Q18: As $n$ increases, the de Broglie wavelength $\lambda = h/p$ decreases (because the energy and thus $p$ increase). For large $n$, $\lambda$ becomes much shorter than the scale over which $V(x)$ varies, satisfying the WKB validity condition $|d\lambda/dx| \ll 2\pi$. This is the correspondence principle: at high quantum numbers, quantum mechanics approaches classical behavior, which is precisely what WKB captures.

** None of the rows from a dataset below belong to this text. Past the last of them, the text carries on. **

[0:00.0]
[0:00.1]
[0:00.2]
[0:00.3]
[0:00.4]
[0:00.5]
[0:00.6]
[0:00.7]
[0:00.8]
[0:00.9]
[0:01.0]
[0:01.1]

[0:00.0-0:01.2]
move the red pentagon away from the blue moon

Q19: (a) $V(R) = kZe^2/R = (1.44)(6)/(3.0) = 2.88$ MeV. (Note: the proton has charge $e$, so the Coulomb potential is $kZe^2/r$, not $2kZe^2/r$ as for alpha decay.) (b) $r_2 = kZe^2/E = (1.44)(6)/(1.0) = 8.64$ fm. (c) $\gamma \approx (\sqrt{2m_p}/\hbar)\int_R^{r_2}\sqrt{kZe^2/r - E}\,dr$. Numerical evaluation gives $\gamma \approx 4.9$, so $T \approx e^{-9.8} \approx 5.5 \times 10^{-5}$. (d) Rate $\approx 10^{22} \times 5.5 \times 10^{-5} \approx 5.5 \times 10^{17}$ s$^{-1}$. (This is the rate per proton already at the nuclear surface; astrophysical rates also include the thermal distribution factor.)

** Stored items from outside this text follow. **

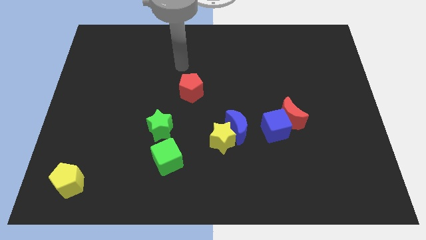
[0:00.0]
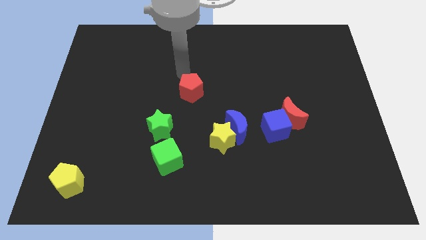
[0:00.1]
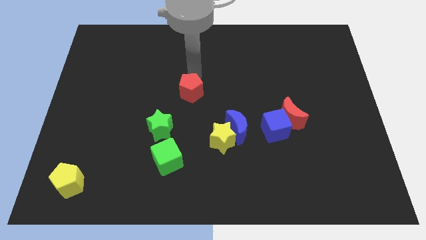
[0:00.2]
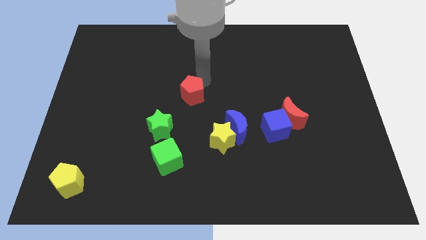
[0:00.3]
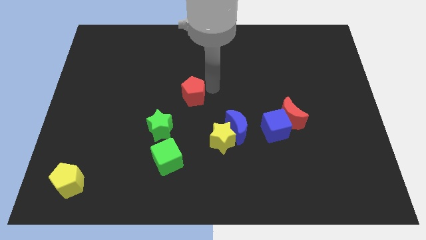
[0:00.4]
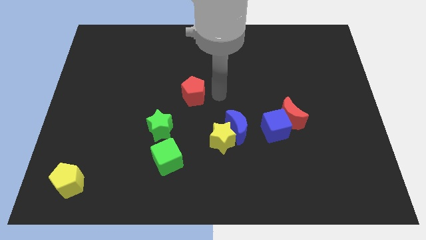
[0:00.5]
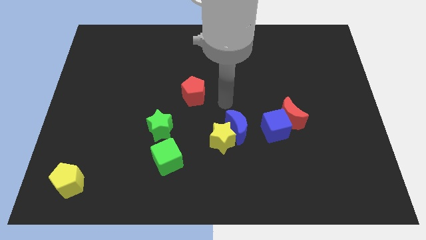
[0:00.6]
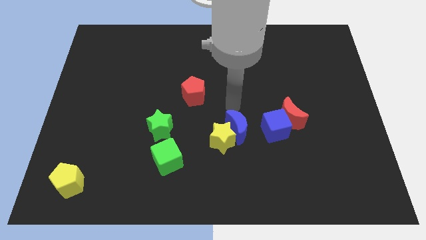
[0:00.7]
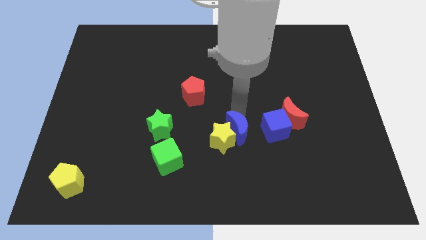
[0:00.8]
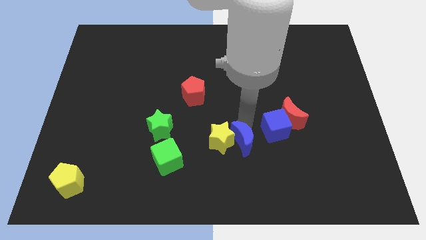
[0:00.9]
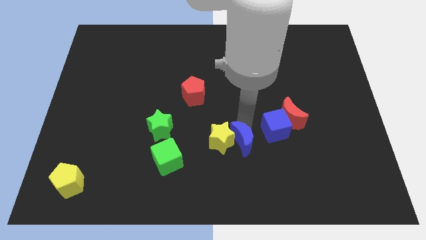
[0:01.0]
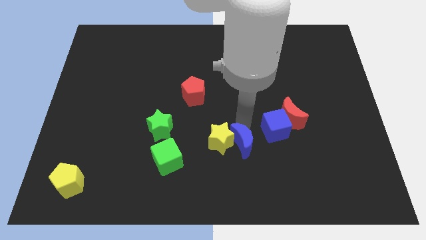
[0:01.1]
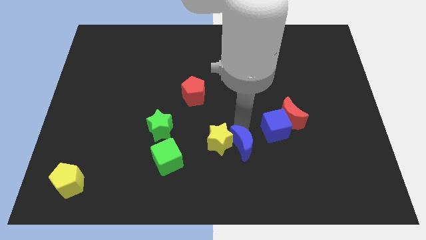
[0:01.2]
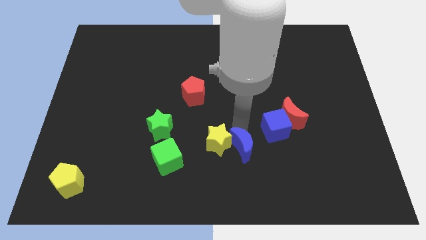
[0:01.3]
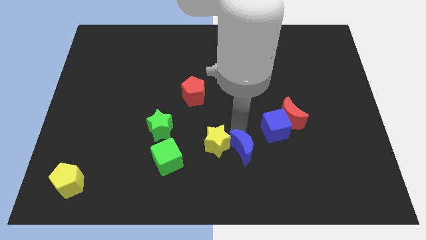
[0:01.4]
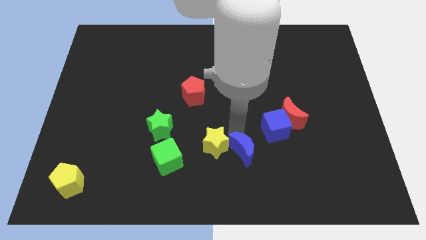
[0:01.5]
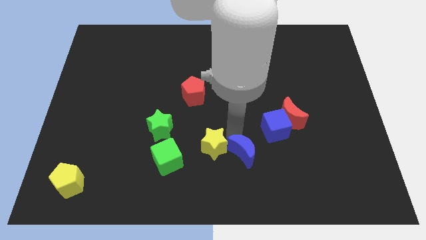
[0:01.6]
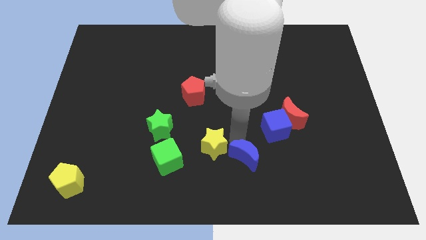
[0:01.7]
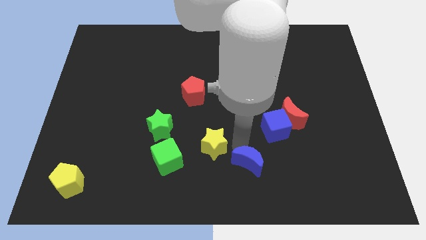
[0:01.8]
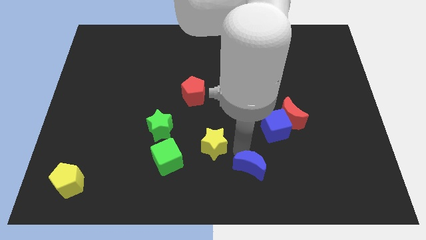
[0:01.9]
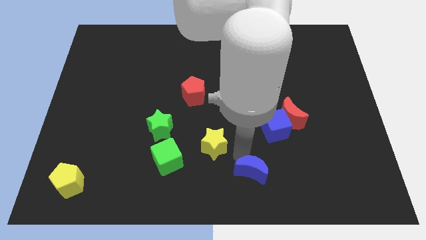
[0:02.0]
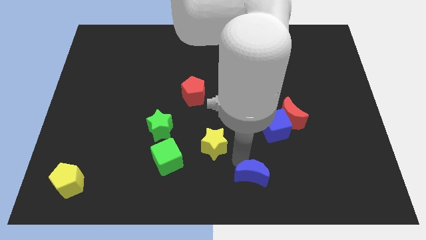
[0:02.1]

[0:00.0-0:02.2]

Q20: (a) $\Delta E \approx (\hbar\omega/\pi)e^{-\gamma} = (\hbar\omega/\pi)e^{-5} \approx 2.1 \times 10^{-3}\hbar\omega$. (b) Tunneling period $\tau = h/\Delta E = 2\pi\hbar/\Delta E \approx \pi^2/(\omega \cdot e^{-5}/\pi) \approx (2\pi^2/\omega)e^5 \approx 2930/\omega$. (c) Doubling barrier height increases $\gamma$ by $\sqrt{2}$ (since $\gamma \propto \sqrt{V_0 - E}$ for a rectangular barrier). New $\gamma \approx 5\sqrt{2} \approx 7.07$. Ratio of periods: $e^{\gamma_{\text{new}}}/e^{\gamma_{\text{old}}} = e^{7.07 - 5.0} = e^{2.07} \approx 7.9$. The tunneling period increases by about a factor of 8.